I’m after some advice on a current (no pun) situation where it appears the tenants have dangerously rewired the Consumer Unit and tapped off the electricity before the meter, forfeiting all RCD safety.

The situation came to light when they complained that a gas engineer must have damaged something when he serviced the boiler “because it stopped working immediately after he left”.

On examination from a different gas engineer it was diagnosed to be a mains electrical problem and not the boiler. I immediately contacted an electrician to attend to this and hence we found the rewiring.

The tenants are claiming to be innocent of course, but I don’t believe them. They have lived there for about 4 years and I’m pretty sure that the tenants previously had not done this. In an attempt to ‘play innocent’ one of the tenants even video called me on Whatsapp to ‘show me’ what the electrician had found. I asked him to show me an electricity bill, which he waved about until I asked for it to be still, and it read £37. This was a quarterly bill.

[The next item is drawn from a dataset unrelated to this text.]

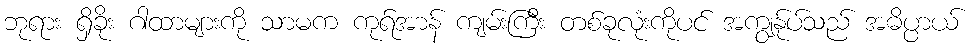
ဘုရား ရှိခိုး ဂါထာများကို သာမက ကုရ်အာန် ကျမ်းကြီး တစ်ခုလုံးကိုပင် အကျွန်ုပ်သည် အဓိပ္ပာယ်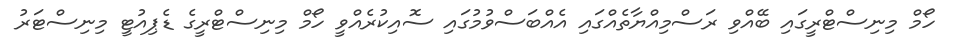
ހޯމް މިނިސްޓްރީގައި ބޭއްވި ރަސްމިއްޔާތެއްގައި އެއްބަސްވުމުގައި ސޮއިކުރެއްވީ ހޯމް މިނިސްޓްރީގެ ޑެޕިއުޓީ މިނިސްޓަރު

Although they have always paid their rent on time, the flat has been terribly uncared for in their tenancy to the point where easily 60% of the walls of the property have been severely affected by mould due to condensation. The excuse is that it is too cold to open the windows…… No problems with previous tenants I might add.

The tenancy was originally only for two brothers but some time after it became apparent that there were also two young children and ‘possibly’ a girlfriend also living there.

We ended up taking a commercial point of view on it by accepting that there was no way we could rent that property out to anyone else in its condition and as they always paid their rent on time we let the dilapidation issue be. Thankfully one of the brothers (with the children and girlfriend) has some time ago said they wanted to leave as they were applying for a council flat and we’re just waiting for council approval and to get on the waiting list.

We all agreed to issue them a section 21 to aid in this process, but as you know the council only sees that as intention and not action so we were waiting patiently, until now.

In light of the danger to our property, the block of 30flats, his children and news of the recent fire at the tower block in London we wonder how we might pursue this. We have alerted the utility company who said they have been on radar due to low bills so that is one thing. But what about the dangerous rewiring? Hard to prove until we can get bill history from the suppliers, but what if/when we do?

Do we call the police? Do we issue a section 8? Do we call social services? Do we call the housing department at the council? They are already getting some housing allowance, we think. I just feel their irresponsibility has reached a point of requiring action and feel they should be pulled-up for their actions.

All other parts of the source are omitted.